■ **BRIEF**: Reproduce every entry word for word. Drop all pictures from the copy.

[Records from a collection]
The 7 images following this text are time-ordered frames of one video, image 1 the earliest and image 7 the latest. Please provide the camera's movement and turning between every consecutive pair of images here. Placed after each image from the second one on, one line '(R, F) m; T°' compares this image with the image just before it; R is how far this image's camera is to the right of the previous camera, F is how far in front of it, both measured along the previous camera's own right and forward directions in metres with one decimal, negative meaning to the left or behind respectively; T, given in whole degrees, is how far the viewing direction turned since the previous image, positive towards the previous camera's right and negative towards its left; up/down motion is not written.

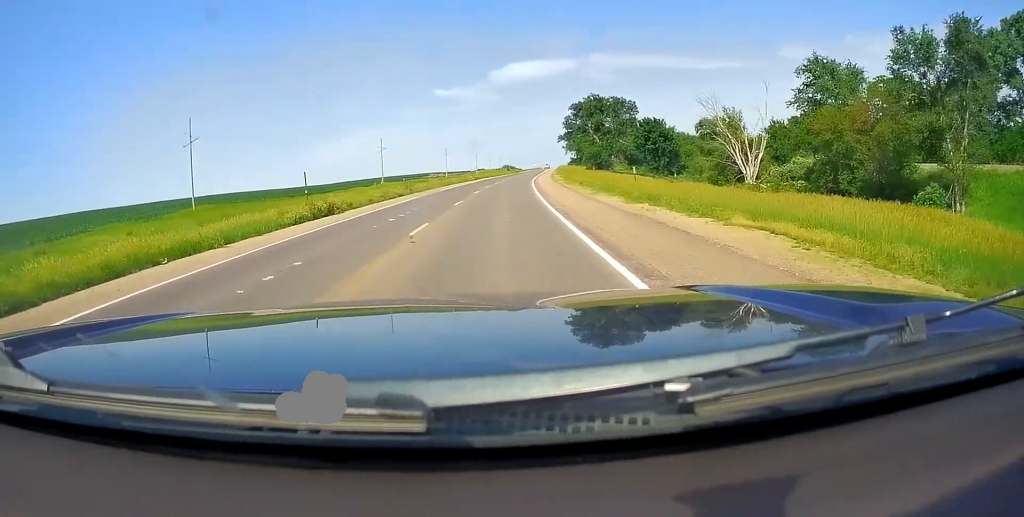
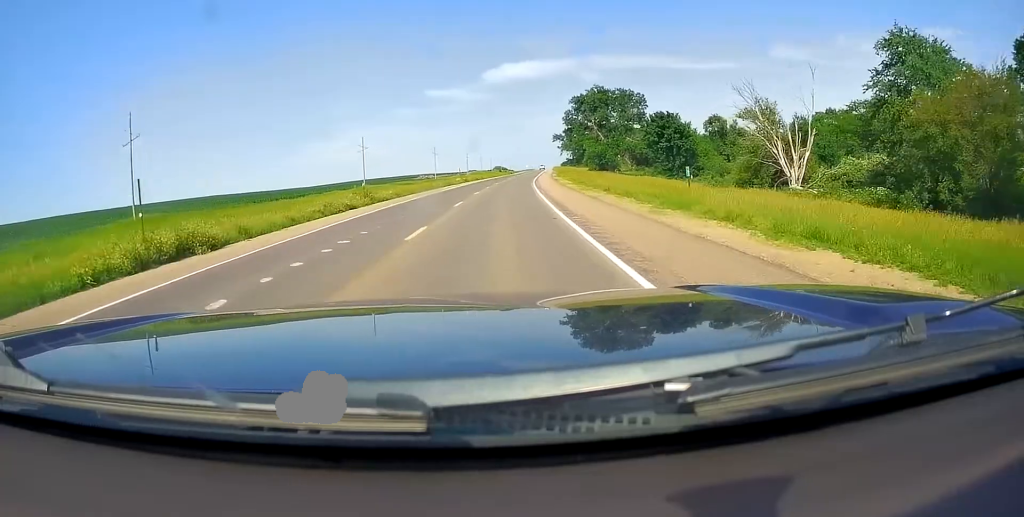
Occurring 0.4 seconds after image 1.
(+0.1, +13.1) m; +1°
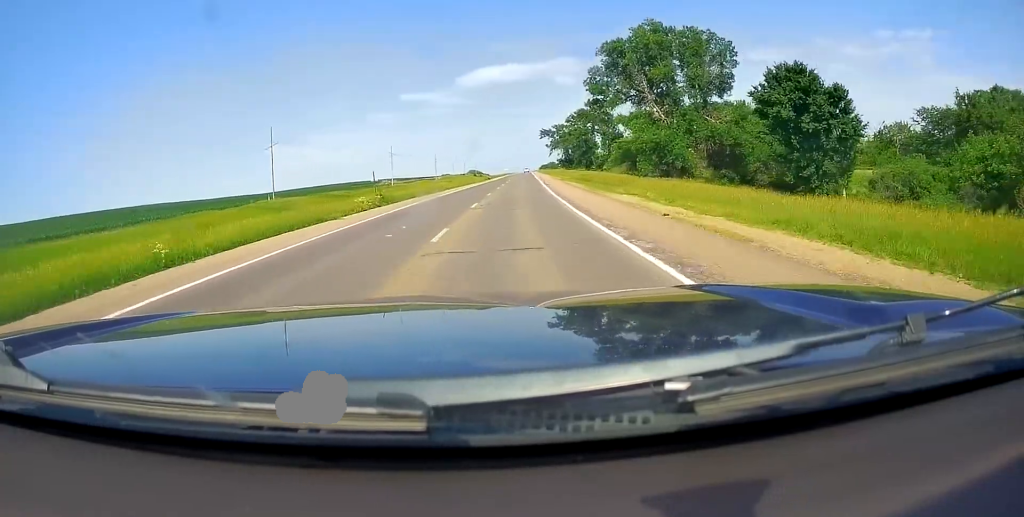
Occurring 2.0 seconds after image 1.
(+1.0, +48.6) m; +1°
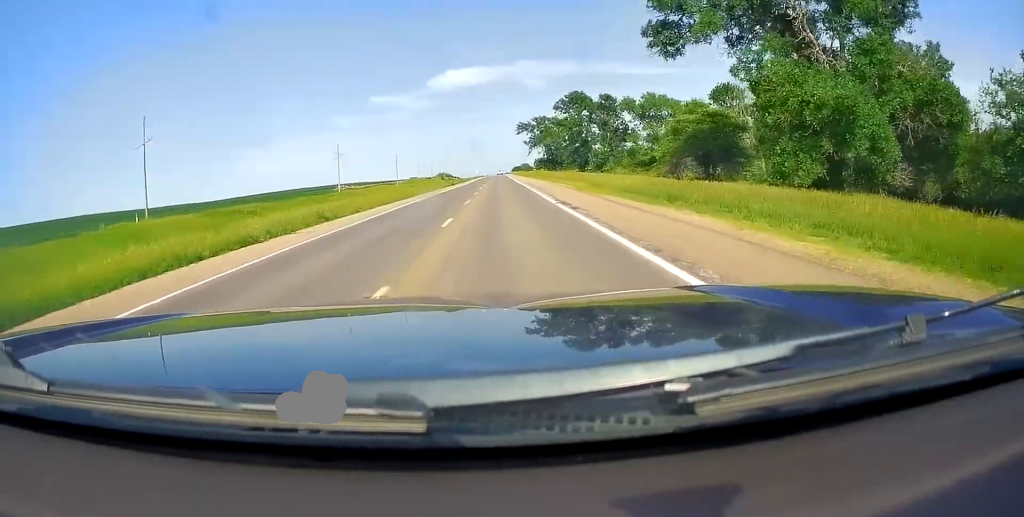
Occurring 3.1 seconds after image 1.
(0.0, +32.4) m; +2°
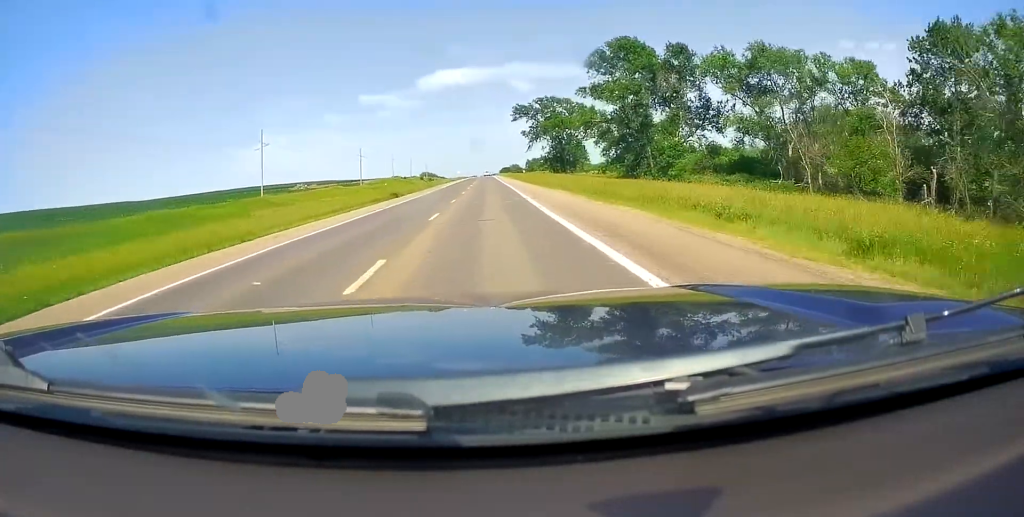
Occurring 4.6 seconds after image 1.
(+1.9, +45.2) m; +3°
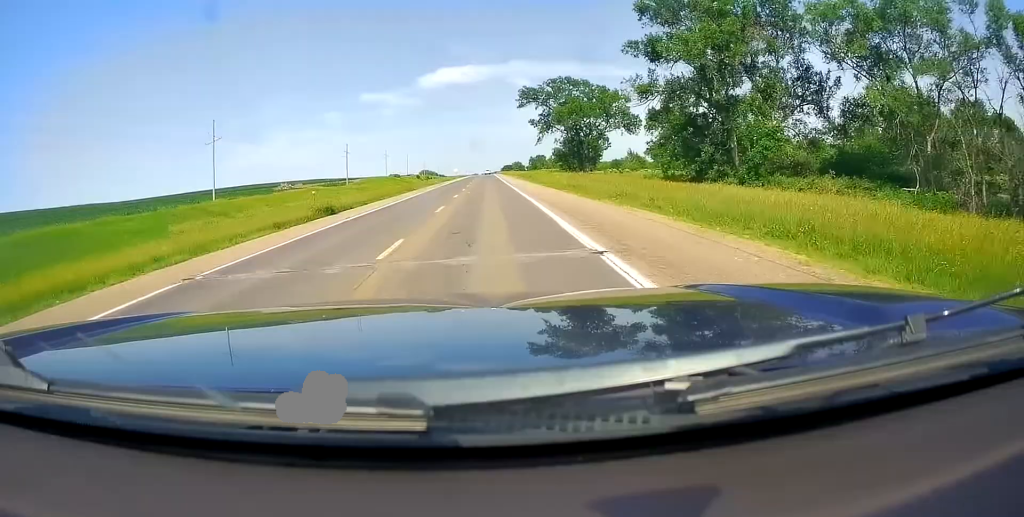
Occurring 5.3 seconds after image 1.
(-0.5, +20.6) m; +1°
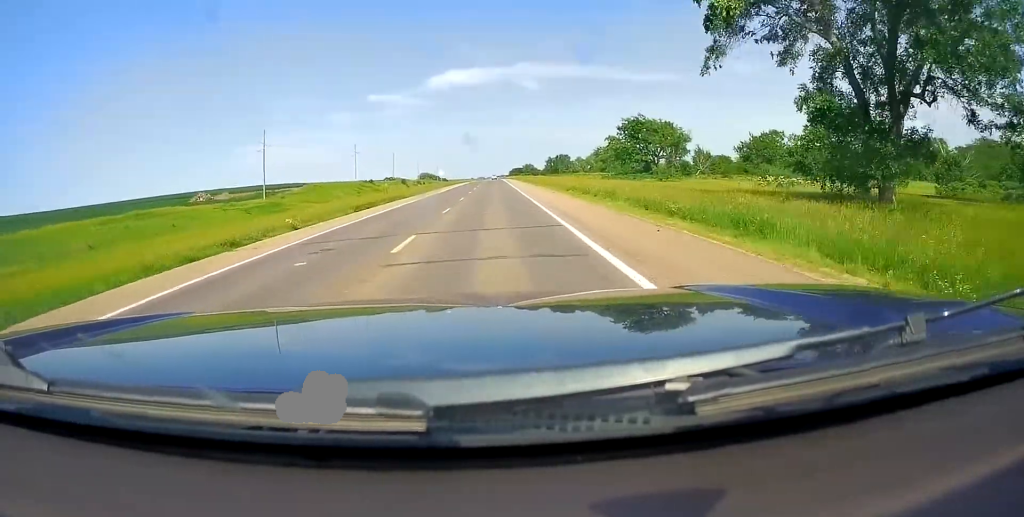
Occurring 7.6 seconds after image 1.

■ **ANSWER TO THE PROBLEM**:
The 7 images following this text are time-ordered frames of one video, image 1 the earliest and image 7 the latest. Please provide the camera's movement and turning between every consecutive pair of images here. Placed after each image from the second one on, one line '(R, F) m; T°' compares this image with the image just before it; R is how far this image's camera is to the right of the previous camera, F is how far in front of it, both measured along the previous camera's own right and forward directions in metres with one decimal, negative meaning to the left or behind respectively; T, given in whole degrees, is how far the viewing direction turned since the previous image, positive towards the previous camera's right and negative towards its left; up/down motion is not written.

Occurring 0.4 seconds after image 1.
(+0.1, +13.1) m; +1°
Occurring 2.0 seconds after image 1.
(+1.0, +48.6) m; +1°
Occurring 3.1 seconds after image 1.
(0.0, +32.4) m; +2°
Occurring 4.6 seconds after image 1.
(+1.9, +45.2) m; +3°
Occurring 5.3 seconds after image 1.
(-0.5, +20.6) m; +1°
Occurring 7.6 seconds after image 1.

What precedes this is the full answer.